Appellant did not provide expert opinion to challenge Rounds's conclusions in his opposition to the summary judgment motion. Instead, appellant argued that his treating health care providers could provide evidence of the standard of care and presented deposition testimony of various percipient witnesses to rebut Rounds's declaration. Based on the evidence presented by the percipient witnesses, appellant argued that Hospital breached its standard of care by not assigning K.W. to one-on-one supervision and for housing K.W. and appellant as roommates.
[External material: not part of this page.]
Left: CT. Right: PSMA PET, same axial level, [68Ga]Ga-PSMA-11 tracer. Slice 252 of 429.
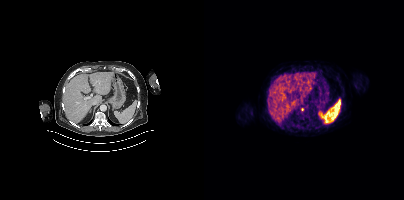
Coordinates are on the 200×200 PET (right) panel. Small PSMA-avid focus (2 to 4 px across) near (center x, center y): (98, 109).

On April 18, 2016, the trial court granted the summary judgment motion and entered judgment in favor of Hospital. Based on the expert opinion of Rounds, the court found that Hospital met its burden of proof regarding the standard of care of appellant and that no negligent act of Hospital caused appellant's injury. While the court agreed with appellant that Hospital staff may be qualified to present expert testimony as to the standard of care, however, appellant failed to provide any foundation regarding the witnesses' qualifications to testify as hospital experts. Accordingly, the court held that by failing to present any admissible expert testimony to contradict Rounds's opinion, appellant failed to meet his burden of raising a triable issue of fact and found in favor of Hospital.4
Appellant brought the instant appeal. Appellant contends that Hospital did not negate two theories of negligence alleged in the complaint and we agree.
I. Standard of Review
An order granting summary judgment is reviewed de novo. (Biancalana v. T.D. Service Co. (2013) 56 Cal.4th 807, 813, 156 Cal.Rptr.3d 437, 300 P.3d 518 (Biancalana ).) As a practical matter, “ ‘we assume the role of a trial court and apply the same rules and standards which govern a trial court's determination of a motion for summary judgment.’ ” (Simmons v. Superior Court (2016) 7 Cal.App.5th 1113, 1124, 212 Cal.Rptr.3d 884.) A motion for summary judgment is properly granted “if all the papers submitted show that there is no triable issue as to any material fact and that the moving party is entitled to a judgment as a matter of law.” (§ 437c, subd. (c); see Biancalana, supra, at p. 813, 156 Cal.Rptr.3d 437, 300 P.3d 518.) “From commencement to conclusion, the moving party bears the burden of persuasion that there is no genuine issue of material fact and that he is entitled to judgment as a matter of law.” (Aguilar v. Atlantic Richfield Co. (2001) 25 Cal.4th 826, 845, 107 Cal.Rptr.2d 841, 24 P.3d 493, fn. omitted (Aguilar); accord, GoTek Energy, Inc. v. SoCal IP Law Group, LLP (2016) 3 Cal.App.5th 1240, 1245, 208 Cal.Rptr.3d 428.)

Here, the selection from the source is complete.